The principle: the question owner sets priorities, the technologist owns feasibility, and you never let a tooling preference quietly redefine the research question.

How should you handle credit and authorship?

Adopt a contributor-roles taxonomy. CRediT lists 14 roles including Software, Data Curation, Conceptualization and Visualization, so a developer who wrote no prose still appears with a named contribution. Agree authorship order and data ownership in a one-page MOU at kick-off covering: who can reuse the data afterwards, what licence the outputs carry (CC BY 4.0 for text, MIT or Apache-2.0 for code is a common pairing), and what happens to the repository if a contributor leaves the institution.

What keeps results consistent across the whole collection?

A living data dictionary committed to the repo. It pins every field name, its controlled vocabulary, and its format so a manually entered date and a scripted import agree.

yaml
# data-dictionary.yml
place_name:
  source: getty_tgn          # authority list
  required: true
date_qualified:
  format: EDTF               # e.g. 1640?, 164X, 1640/1645
  required: false
confidence:
  enum: [certain, probable, conjectural]

Pair it with validation: a CI check that fails the build when a CSV row violates the dictionary catches inconsistency before it spreads across a thousand records.

A practical kick-off checklist

  1. Glossary and data dictionary created in the repo (day 1).
  2. One-page MOU: authorship order, data ownership, licences, exit plan.
  3. CRediT roles drafted for every named person.
  4. Decision-rights grid agreed and pinned to the wiki.
  5. Cadence set: weekly standup, monthly scope review.
  6. A shared "definition of done" per artefact type.
  7. One neutral shared workspace everyone can actually use.

Key Takeaways

  • Interdisciplinary friction is mostly social, not technical — vocabulary, decision rights and credit cause more delays than code.
  • Write a glossary and data dictionary into version control in week one and review them monthly.
  • Use a decision-rights grid scoped to decision types, not job titles.
  • Adopt CRediT so non-prose contributions are visibly credited.
  • A one-page MOU on authorship, ownership and exit prevents publication-time disputes.
  • Validate data against the dictionary in CI so consistency is enforced, not hoped for.

Frequently Asked Questions

What is the single most common cause of interdisciplinary friction in DH?

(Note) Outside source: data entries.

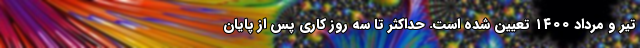
تیر و مرداد ۱۴۰۰ تعیین شده است. حداکثر تا سه روز کاری پس از پایان
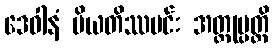
ဒေဝါနံ ပိယတိဿမင်း အတ္ထုပ္ပတ္တိ
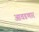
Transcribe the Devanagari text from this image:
आवडणारं
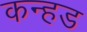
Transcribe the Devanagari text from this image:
कन्हड
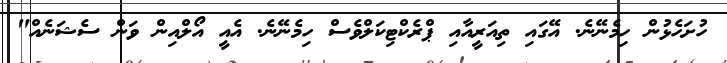
ހުށަހެޅުން ހިމެނޭނެ. އޭގައި ތިއަރީއާއި ޕްރެކްޓިކަލްވެސް ހިމެނޭނެ. އެއީ އޯލްއިން ވަން ސެޝަނެއް"
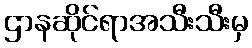
ဌာနဆိုင်ရာအသီးသီးမှ
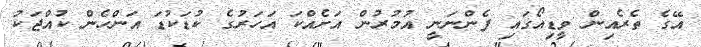
އޭގެ ތެރެއިން ވީޑިއޯގައި ފެންނަނީ އުމުރުން އަށެއްކަ އަހަރުގެ ކުޑަކުޑަ އަންހެން ކުއްޖަކު
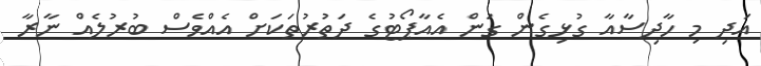
އަދި މި ހާދިސާއާ ގުޅިގެން ގަން އެއާޕޯޓުގެ ދަތުރުތަކަށް އެއްވެސް ބުރުލެއް ނާރާ
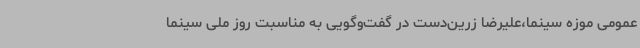
عمومی موزه سینما،علیرضا زرین‌دست در گفت‌وگویی به مناسبت روز ملی سینما
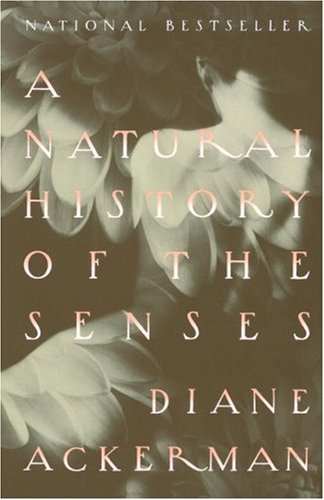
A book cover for A Natural History of the Senses; Diane Ackerman; Science & Math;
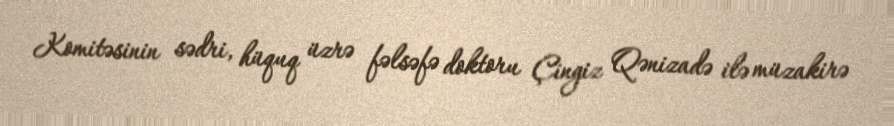
Komitəsinin sədri, hüquq üzrə fəlsəfə doktoru Çingiz Qənizadə ilə müzakirə
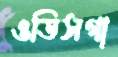
ওডিসগা
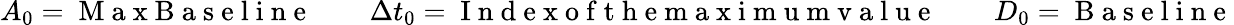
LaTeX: A_{0}=\mathrm{~M~a~x~B~a~s~e~l~i~n~e~}\qquad\Delta t_{0}=\mathrm{~I~n~d~e~x~o~f~t~h~e~m~a~x~i~m~u~m~v~a~l~u~e~}\qquad D_{0}=\mathrm{~B~a~s~e~l~i~n~e~}

Unstated vocabulary. Historians, librarians and developers use the same word (record, source, model, tag) to mean different things. Writing a shared glossary in week one prevents most downstream rework.

Do we need a memorandum of understanding for a small project?

Even two-person teams benefit from a one-page MOU covering authorship order, data ownership and what happens to the repo if someone leaves. It takes an hour and prevents the disputes that surface at publication.

How do I credit a programmer who wrote no prose?

Use a contributor-roles taxonomy such as CRediT, which has 14 named roles including Software and Data Curation. List each person's roles explicitly rather than forcing everyone into 'author' or 'acknowledgements'.

Should the humanist or the technologist lead the project?

Neither by default. Lead with the research question, and let whoever owns that question set priorities while the technologist owns feasibility. Co-leadership with clear decision rights works better than a single discipline dominating.

How often should an interdisciplinary team meet?

A short weekly standup plus a monthly deep-dive works for most grant-scale DH projects. Weekly catches drift early; monthly is where you renegotiate scope and review the shared glossary.

What artefact best keeps a mixed team consistent?

A living data dictionary in the repository. It pins field names, controlled vocabularies and date formats so a historian's entry and a developer's import script agree on what 'circa 1640' means.